*** Opening INFORMATION SHOWN ***
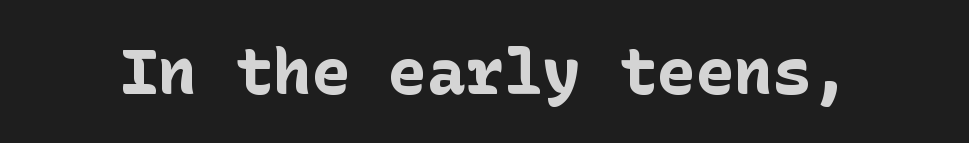
The letters stand upright; this is a roman face. The letters are bold, with thick, heavy strokes. Unlike a traditional serif, this face leaves its strokes unadorned. You could call the tracking neutral — neither tight nor loose. Has an underline been added? It has not.
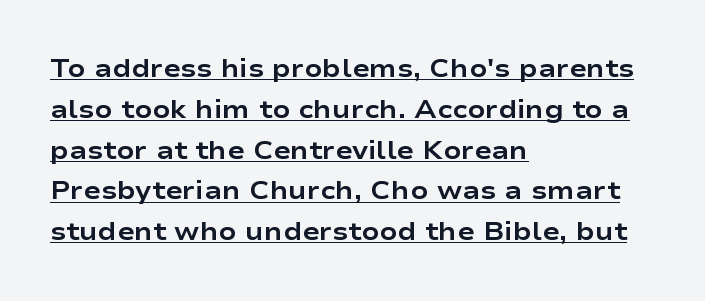
The image shows 26 px bold type, upright; set left-aligned, normal line spacing (1.57x), normal letter spacing, underlined.
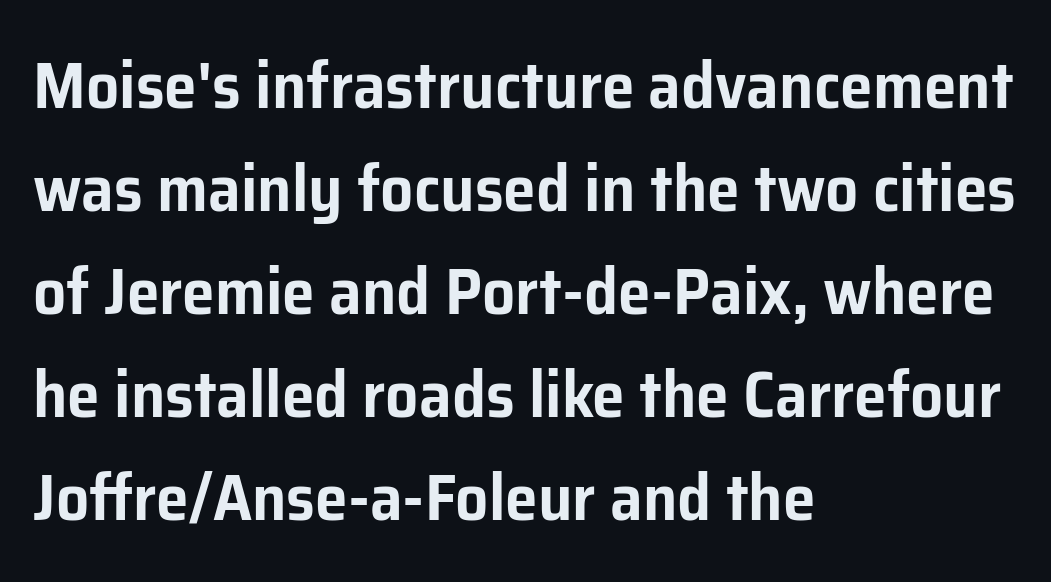
The image shows 66 px sans-serif type, upright; set left-aligned, normal line spacing (1.56x), normal letter spacing, not underlined; low stroke contrast and a medium x-height.
*** Closing INFORMATION SHOWN ***
* [GOAL OF THE EXERCISE]: Transcribe every line of the data exactly. No pictures go in the copy.

* [RESPONSE]:
The letters stand upright; this is a roman face. The letters are bold, with thick, heavy strokes. Unlike a traditional serif, this face leaves its strokes unadorned. You could call the tracking neutral — neither tight nor loose. Has an underline been added? It has not.
The image shows 26 px bold type, upright; set left-aligned, normal line spacing (1.57x), normal letter spacing, underlined.
The image shows 66 px sans-serif type, upright; set left-aligned, normal line spacing (1.56x), normal letter spacing, not underlined; low stroke contrast and a medium x-height.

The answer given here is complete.